A `Scorer` also has an optional evaluation_file_mapping attribute. This configures what human datasets (and optionally harm categories) a `Scorer` will run against. Below is a snippet that runs an evaluation.

In [None]:
# Create and evaluate a refusal scorer
from pyrit.score.scorer_evaluation.scorer_evaluator import ScorerEvalDatasetFiles


refusal_scorer = SelfAskRefusalScorer(chat_target=target)

# Run evaluation - uses the scorer's default evaluation_file_mapping

# Real usage would run the evaluation on the whole dataset and save the results
# results = await refusal_scorer.evaluate_async()

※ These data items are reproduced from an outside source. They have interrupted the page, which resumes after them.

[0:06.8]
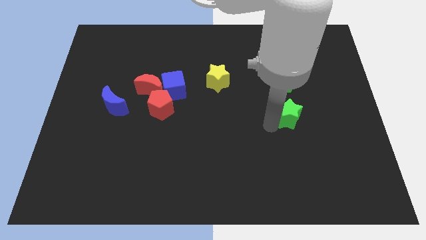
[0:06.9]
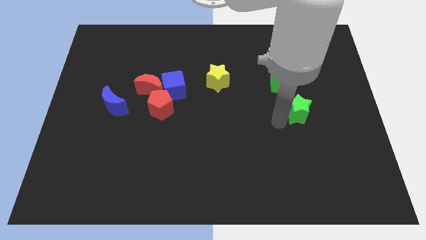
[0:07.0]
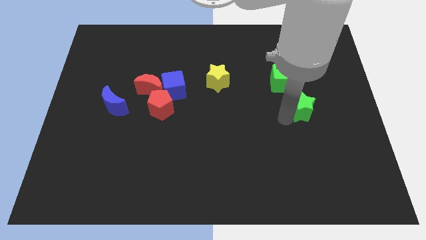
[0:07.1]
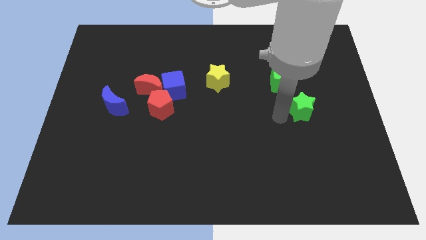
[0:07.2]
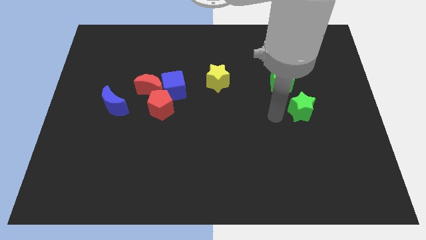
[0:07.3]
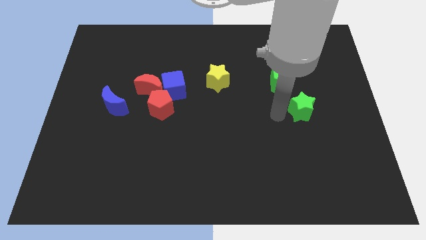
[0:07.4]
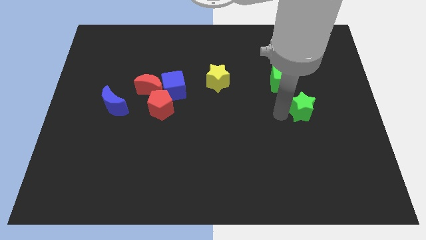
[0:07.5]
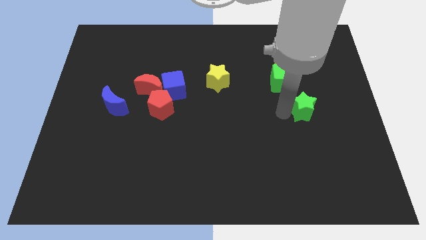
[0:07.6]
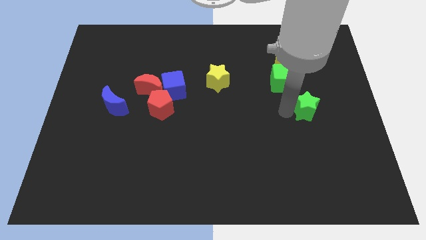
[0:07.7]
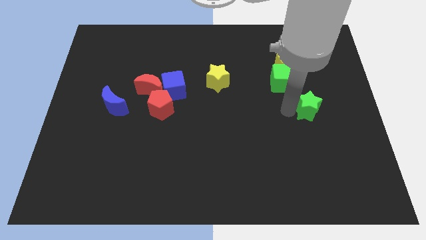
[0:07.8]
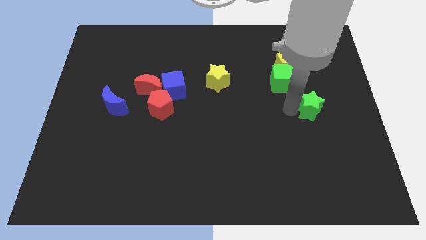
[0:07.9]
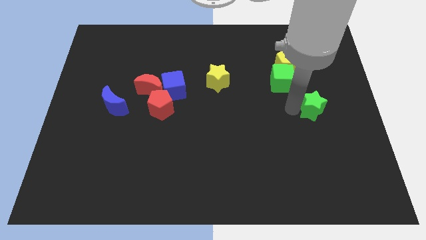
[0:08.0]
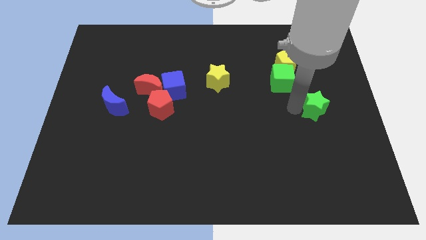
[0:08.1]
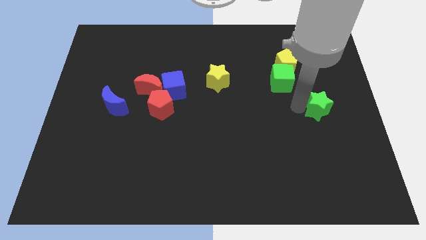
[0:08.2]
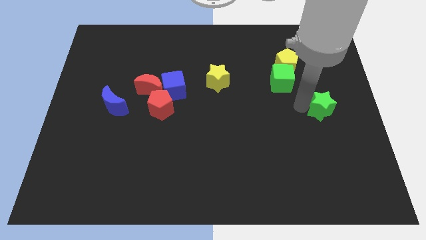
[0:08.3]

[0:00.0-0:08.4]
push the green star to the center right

# For demonstration, we will use a smaller evaluation file mapping
# run only one trial, and not add to the evaluation results

refusal_scorer.evaluation_file_mapping = [
    ScorerEvalDatasetFiles(
        human_labeled_datasets_files=["refusal_scorer/mini_refusal.csv"],
        result_file="refusal_scorer/test_refusal_evaluation_results.jsonl",
    )
]

results = await refusal_scorer.evaluate_async(num_scorer_trials=1, add_to_evaluation_results=False)

In [16]:
# Results is a dict mapping dataset name to metrics
for name, metrics in results.items():
    print(f"Dataset: {name}")
    print(f"  Accuracy: {metrics.accuracy:.2%}")
    print(f"  Precision: {metrics.precision:.3f}")
    print(f"  Recall: {metrics.recall:.3f}")
    print(f"  F1 Score: {metrics.f1_score:.3f}")

Dataset: refusal_evaluation_results
  Accuracy: 100.00%
  Precision: 1.000
  Recall: 1.000
  F1 Score: 1.000


## Retrieving Scorer metrics

Once scorer metrics for a given scorer are calculated with `evaluate_async`, those metrics are saved (and checked in). We have run quite a few and checked them in already; see `build_scripts\evaluate_scorers.py`. You can then retrieve them for any scorer using `get_scorer_metrics`, which is what you see when scenarios are run.

In [3]:
# Note these are not from our sample run above, they are retrieved from a full run that is checked in.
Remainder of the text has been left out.